1 Ultracold research confirms pseudogap pairing due to strong attraction by Hui Hu

Chinese physicists have made a new experimental observation, confirming the many-particle pairing of fermions, before they reach a critical temperature and exhibit remarkable quantum superfluidity.

In a paper published in Nature [1], researchers at the University of Science and Technology of China (USTC) observed and quantified the pseudogap pairing in a strongly attractively interacting cloud of fermionic lithium atoms, which may help unlock the mysterious microscopic mechanism of high-temperature superconductivity.

Quantum superfluidity/superconductivity is the most intriguing phenomenon of quantum physics. In the superfluid state, quantum particles collectively flow in a frictionless way without losing any kinetic energy. High-temperature superconducting materials therefore hold the prospect of solving the current world’s energy crisis. However, despite substantial efforts spanning the past 38 years, the origin of high-temperature superconductivity, especially the emergence of an energy gap in the normal state preceding superconductivity, continues to elude researchers.

This energy gap without superconducting is the well-known pseudogap, whose origin is controversial and is the subject of a long-lasting debate in the condensed matter community. In one of the two mainstream interpretations, the scenario of preformed pairs, the pseudogap is produced by incoherent fluctuations of the pairing field that describes the entangled fermions due to attraction; however, superfluidity does not arise because large phase fluctuations of the pairing field cannot allow quantum particles to march in the exact same manner above the critical temperature.

The central aim of the USTC researchers’ work was to quantum emulate a simple text-book model to examine the scenario of preformed pairs, by using a table-top system of ultracold atoms.

Quantum simulation using ultracold atoms is a rapidly developing field that was established following the Nobel Prize-winning research on laser cooling of atoms in the late 1980s and on Bose-Einstein condensation in 1995. A cloud of atoms can be cooled down to incredibly low temperatures of a billionth of a degree Kelvin, just above absolute 0. At these temperatures, fermionic atoms in different hyperfine states, as the atomic analog of electrons and protons which are the building blocks of all matter, can bind together due to attraction to form Cooper pairs and consequently condense into a macroscopic quantum state, precisely following the rule of quantum mechanics.

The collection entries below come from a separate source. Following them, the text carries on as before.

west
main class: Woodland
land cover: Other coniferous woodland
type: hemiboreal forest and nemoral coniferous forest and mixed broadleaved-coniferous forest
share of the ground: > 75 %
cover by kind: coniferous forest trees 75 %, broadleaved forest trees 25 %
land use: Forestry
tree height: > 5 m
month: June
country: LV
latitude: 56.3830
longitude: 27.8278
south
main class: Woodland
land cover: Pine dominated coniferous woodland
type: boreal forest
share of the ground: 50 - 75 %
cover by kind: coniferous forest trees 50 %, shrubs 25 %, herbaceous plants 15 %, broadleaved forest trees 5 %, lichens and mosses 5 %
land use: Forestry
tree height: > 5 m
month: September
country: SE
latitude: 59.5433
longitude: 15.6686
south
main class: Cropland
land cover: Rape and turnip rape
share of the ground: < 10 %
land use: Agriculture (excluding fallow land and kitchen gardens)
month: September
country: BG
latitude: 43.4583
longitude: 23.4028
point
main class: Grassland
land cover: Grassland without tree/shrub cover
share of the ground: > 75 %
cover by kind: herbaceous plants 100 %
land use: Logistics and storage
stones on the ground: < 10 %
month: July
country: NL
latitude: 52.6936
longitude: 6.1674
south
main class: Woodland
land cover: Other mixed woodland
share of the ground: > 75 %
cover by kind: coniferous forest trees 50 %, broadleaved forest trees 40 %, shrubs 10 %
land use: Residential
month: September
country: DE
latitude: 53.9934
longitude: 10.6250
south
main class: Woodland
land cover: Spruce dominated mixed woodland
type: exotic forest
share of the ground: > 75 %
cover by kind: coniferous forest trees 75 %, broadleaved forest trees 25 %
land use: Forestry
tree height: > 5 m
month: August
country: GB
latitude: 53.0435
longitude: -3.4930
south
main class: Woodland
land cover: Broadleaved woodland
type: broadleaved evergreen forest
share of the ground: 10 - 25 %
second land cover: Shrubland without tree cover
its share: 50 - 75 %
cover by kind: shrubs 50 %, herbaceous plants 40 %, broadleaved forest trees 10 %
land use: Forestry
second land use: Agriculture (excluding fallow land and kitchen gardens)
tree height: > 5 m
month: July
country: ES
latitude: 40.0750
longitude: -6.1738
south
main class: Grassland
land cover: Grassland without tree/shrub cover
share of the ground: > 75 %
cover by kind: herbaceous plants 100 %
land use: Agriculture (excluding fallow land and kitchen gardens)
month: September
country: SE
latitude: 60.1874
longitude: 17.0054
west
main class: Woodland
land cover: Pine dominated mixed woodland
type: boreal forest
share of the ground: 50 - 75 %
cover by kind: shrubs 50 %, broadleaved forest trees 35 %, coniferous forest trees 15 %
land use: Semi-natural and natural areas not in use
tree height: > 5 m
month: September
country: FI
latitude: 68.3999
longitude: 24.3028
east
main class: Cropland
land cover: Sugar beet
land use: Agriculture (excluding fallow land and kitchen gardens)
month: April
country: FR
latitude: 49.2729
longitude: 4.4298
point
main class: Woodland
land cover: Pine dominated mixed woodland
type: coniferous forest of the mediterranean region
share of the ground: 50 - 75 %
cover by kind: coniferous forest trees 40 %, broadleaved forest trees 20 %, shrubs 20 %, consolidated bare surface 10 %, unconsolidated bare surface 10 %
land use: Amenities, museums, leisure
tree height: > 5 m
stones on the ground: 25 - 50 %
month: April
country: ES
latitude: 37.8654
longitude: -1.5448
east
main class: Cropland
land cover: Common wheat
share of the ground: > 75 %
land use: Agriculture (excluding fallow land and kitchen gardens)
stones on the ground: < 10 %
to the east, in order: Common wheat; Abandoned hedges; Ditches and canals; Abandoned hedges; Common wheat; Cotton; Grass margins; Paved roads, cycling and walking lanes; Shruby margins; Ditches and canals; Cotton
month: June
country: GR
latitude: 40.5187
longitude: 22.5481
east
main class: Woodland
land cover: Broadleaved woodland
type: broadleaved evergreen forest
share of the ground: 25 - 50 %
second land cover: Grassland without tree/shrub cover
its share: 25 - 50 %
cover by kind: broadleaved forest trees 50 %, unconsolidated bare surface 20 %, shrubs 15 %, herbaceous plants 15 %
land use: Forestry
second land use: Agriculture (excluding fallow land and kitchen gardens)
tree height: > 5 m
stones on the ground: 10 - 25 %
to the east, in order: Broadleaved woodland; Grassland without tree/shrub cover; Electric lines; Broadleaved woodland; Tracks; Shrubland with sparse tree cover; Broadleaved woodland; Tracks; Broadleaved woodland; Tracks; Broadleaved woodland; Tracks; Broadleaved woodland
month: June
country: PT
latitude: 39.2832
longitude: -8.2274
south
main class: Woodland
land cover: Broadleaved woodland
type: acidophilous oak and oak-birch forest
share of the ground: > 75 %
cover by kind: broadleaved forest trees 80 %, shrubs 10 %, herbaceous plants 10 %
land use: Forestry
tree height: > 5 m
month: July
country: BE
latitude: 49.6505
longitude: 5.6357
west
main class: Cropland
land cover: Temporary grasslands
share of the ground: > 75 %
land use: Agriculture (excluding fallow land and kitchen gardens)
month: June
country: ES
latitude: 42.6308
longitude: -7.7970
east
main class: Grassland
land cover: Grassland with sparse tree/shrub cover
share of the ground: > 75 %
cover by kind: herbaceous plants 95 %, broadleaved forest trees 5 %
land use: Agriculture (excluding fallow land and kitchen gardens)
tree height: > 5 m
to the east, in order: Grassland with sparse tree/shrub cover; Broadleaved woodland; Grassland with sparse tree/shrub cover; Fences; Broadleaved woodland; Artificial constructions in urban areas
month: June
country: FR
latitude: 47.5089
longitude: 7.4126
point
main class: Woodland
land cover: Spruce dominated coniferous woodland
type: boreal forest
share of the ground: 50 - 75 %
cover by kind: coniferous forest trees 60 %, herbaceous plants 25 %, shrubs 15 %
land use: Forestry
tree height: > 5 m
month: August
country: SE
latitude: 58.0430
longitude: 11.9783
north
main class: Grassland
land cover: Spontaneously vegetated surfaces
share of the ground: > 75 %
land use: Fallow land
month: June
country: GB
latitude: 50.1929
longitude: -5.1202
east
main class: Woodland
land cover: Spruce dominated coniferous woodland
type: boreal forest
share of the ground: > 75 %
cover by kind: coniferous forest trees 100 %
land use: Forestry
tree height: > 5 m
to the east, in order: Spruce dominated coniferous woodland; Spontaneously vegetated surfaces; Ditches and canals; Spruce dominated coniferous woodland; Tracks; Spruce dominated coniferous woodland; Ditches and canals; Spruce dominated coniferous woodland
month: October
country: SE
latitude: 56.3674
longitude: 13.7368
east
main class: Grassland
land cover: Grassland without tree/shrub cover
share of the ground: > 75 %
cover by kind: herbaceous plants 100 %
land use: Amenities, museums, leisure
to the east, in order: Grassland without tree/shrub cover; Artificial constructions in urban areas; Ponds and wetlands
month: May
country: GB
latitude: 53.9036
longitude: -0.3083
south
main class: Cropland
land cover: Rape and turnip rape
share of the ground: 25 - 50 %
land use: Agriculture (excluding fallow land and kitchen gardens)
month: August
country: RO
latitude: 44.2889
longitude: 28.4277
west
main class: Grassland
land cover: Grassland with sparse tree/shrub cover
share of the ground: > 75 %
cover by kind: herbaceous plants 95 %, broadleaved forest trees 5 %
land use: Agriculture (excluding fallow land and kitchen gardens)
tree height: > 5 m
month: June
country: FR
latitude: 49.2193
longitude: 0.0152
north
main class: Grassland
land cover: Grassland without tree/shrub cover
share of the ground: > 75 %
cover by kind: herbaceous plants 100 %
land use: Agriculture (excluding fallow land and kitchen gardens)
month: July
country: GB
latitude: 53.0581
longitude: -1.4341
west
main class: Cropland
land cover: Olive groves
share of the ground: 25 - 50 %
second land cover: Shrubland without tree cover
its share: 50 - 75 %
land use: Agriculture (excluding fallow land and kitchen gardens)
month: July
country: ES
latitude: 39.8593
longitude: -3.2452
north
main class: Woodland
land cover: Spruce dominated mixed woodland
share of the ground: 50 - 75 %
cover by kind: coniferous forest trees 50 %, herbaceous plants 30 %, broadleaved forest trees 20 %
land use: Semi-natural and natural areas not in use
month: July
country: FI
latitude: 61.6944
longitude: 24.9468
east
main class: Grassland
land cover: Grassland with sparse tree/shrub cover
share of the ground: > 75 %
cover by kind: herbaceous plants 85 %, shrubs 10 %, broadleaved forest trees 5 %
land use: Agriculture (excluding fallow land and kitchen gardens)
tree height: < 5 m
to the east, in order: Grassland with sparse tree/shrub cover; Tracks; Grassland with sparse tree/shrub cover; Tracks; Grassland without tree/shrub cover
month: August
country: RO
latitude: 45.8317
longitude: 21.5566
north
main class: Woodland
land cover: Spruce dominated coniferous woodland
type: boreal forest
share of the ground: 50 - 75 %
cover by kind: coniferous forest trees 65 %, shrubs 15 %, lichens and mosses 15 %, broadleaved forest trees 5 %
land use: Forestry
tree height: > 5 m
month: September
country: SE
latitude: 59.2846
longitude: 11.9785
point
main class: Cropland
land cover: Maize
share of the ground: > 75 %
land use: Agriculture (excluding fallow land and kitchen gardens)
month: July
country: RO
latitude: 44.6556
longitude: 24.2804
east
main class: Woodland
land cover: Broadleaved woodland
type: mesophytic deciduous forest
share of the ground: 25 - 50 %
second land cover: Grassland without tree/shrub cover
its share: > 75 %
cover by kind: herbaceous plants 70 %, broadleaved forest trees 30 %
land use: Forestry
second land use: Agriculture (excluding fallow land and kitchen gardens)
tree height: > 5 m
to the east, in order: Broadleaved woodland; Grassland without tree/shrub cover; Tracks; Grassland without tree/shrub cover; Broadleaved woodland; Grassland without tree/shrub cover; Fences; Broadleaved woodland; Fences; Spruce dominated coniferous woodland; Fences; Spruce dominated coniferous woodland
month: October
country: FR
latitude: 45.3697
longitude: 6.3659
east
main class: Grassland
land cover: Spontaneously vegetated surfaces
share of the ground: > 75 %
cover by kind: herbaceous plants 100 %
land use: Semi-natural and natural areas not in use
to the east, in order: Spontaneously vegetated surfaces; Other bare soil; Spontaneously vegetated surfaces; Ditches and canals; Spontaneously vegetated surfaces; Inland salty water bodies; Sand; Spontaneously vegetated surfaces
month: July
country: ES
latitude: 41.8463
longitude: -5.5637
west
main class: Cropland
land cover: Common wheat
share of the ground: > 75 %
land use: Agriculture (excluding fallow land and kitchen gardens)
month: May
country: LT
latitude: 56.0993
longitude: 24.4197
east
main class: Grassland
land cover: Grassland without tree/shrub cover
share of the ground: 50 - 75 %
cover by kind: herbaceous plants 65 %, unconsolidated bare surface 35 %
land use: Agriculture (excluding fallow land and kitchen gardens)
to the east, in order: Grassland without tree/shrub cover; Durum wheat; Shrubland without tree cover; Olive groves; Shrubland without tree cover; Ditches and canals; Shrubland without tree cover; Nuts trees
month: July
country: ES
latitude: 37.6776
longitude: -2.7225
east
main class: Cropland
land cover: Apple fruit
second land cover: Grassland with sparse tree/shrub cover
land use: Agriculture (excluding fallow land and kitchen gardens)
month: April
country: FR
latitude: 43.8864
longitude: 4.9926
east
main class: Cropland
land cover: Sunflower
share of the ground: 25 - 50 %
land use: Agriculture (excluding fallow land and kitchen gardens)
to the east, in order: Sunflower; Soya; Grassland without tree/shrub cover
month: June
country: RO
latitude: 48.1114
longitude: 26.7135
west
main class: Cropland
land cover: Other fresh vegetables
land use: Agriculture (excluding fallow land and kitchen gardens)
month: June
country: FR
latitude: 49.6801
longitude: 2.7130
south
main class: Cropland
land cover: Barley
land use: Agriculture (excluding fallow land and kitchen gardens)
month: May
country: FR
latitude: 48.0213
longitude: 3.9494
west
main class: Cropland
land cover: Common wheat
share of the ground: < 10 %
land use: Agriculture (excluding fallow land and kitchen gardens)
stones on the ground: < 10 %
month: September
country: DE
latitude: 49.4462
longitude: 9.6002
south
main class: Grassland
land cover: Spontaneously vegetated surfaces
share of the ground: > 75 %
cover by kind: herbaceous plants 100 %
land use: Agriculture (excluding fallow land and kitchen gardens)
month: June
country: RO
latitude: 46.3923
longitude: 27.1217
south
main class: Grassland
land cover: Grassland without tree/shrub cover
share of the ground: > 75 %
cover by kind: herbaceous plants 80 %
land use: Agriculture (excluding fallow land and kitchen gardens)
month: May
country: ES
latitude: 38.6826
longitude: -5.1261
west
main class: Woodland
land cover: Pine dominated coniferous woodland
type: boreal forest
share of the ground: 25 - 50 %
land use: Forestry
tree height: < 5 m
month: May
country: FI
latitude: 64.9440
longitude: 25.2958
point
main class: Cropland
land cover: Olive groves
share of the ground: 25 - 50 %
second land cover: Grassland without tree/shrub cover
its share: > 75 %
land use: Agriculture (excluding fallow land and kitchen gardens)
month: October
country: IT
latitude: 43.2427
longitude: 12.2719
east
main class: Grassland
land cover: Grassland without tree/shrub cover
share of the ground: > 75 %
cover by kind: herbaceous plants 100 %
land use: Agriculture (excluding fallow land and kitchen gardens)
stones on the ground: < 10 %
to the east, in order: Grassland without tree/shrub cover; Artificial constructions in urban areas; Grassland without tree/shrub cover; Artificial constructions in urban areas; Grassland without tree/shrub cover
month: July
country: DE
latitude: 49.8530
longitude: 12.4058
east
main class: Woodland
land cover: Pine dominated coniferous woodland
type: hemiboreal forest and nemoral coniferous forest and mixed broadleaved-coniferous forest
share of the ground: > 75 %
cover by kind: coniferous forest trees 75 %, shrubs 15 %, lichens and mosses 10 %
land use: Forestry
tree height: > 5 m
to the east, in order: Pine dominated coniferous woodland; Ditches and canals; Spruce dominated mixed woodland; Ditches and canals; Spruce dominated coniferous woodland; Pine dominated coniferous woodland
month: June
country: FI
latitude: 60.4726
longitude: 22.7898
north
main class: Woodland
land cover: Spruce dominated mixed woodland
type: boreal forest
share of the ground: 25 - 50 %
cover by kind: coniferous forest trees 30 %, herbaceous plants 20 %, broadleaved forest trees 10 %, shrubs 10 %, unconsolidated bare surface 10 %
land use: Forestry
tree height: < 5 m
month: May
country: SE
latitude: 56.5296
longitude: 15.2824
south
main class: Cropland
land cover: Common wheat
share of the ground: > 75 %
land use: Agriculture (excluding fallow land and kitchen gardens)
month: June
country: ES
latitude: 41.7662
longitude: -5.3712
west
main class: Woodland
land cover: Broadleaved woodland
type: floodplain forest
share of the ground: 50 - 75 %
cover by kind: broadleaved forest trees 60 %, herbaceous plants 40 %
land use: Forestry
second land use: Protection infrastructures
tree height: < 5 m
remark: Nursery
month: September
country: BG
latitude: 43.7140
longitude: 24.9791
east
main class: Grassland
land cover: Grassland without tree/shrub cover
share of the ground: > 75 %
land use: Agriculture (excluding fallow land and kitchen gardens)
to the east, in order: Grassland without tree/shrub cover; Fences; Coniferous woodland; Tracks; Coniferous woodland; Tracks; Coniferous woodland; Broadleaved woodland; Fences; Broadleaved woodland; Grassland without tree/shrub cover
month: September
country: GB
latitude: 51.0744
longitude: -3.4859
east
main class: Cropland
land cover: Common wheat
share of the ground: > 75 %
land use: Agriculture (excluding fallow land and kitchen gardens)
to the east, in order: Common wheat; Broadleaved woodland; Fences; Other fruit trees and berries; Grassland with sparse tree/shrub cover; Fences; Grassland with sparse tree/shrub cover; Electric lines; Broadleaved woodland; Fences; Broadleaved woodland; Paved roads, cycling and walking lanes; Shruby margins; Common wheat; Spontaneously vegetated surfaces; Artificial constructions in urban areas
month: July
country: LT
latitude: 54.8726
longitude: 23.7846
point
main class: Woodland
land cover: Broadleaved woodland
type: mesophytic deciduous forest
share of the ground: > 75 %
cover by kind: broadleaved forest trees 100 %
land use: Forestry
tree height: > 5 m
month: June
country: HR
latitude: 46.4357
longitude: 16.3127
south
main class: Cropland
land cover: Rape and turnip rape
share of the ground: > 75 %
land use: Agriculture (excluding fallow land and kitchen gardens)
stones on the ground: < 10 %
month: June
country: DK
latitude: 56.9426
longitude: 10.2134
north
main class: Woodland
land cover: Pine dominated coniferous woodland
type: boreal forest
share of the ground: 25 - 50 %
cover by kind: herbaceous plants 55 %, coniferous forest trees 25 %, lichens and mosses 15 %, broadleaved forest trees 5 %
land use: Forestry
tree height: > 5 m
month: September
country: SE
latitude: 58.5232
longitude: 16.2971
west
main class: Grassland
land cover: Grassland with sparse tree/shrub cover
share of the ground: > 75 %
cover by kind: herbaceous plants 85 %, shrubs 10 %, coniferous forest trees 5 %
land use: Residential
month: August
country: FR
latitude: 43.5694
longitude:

The unique advantage of ultracold atoms is their unprecedented controllability. By utilizing Feshbach resonances and applying a magnetic field at the right strength, interactions between atoms can be controlled with great precision—from arbitrarily weak to arbitrarily strong. This allows scientists to monitor, step by step, the emergence and the evolution of the pairing field in a strongly interacting Fermi cloud of about a million atoms, with decreasing temperature.

At USTC, Professor Xing-Can Yao, Professor Jian-Wei Pan, and their colleagues confined strongly attracting fermionic lithium-6 atoms into a uniform box potential and cooled them down to near absolute 0. By developing a novel technology of momentum-resolved microwave spectroscopy with high energy resolution, the pseudogap pairing above the critical superfluid transition temperature was clearly revealed for the first time.

The investigation of pseudogap pairing with ultracold atoms was attempted in 2010. However, at that time the cloud of fermionic atoms was not homogeneously distributed, leading to an inhomogeneity-related spectral broadening in the spectroscopy. Moreover, atoms that were experimentally probed suffered from some additional, unwanted interatomic collisions during the spectroscopic imaging. The two obstacles made the previous observation of pseudogap inconclusive.

In the USTC experiment, state-of-the-art methods were utilized for preparing the homogeneous Fermi cloud and for removing unwanted interatomic collisions, with ultra-stable magnetic field control at unprecedented levels of a quarter of ppm (i.e., less than one millionth). As a result of these technical advances, the suppression of spectral weight near the Fermi surface in the normal state was unequivocally revealed in microwave spectroscopy. This is the smoking gun of a pseudogap, without the need to invoke any specific microscopic theories to fit the experimental data.

This discovery will undoubtedly have far-reaching implications for the future study of strongly interacting Fermi systems and could lead to potential applications in future quantum technologies.

An immediate application is to probe the long-sought inhomogeneous Fermi superfluidity in a spin-population imbalanced Fermi gas, where the standard pairing field will be modified and become spatially inhomogeneous. This exotic pairing scenario was proposed by Fulde, Ferrell, Larkin, and Ovchinnikov 60 years ago. It may underlie the imbalanced nucleon superfluidity of neutron-proton pairs at the core of neutron stars and may have some relevance in explaining the sudden variations (glitches) in the rotation periods of pulsars.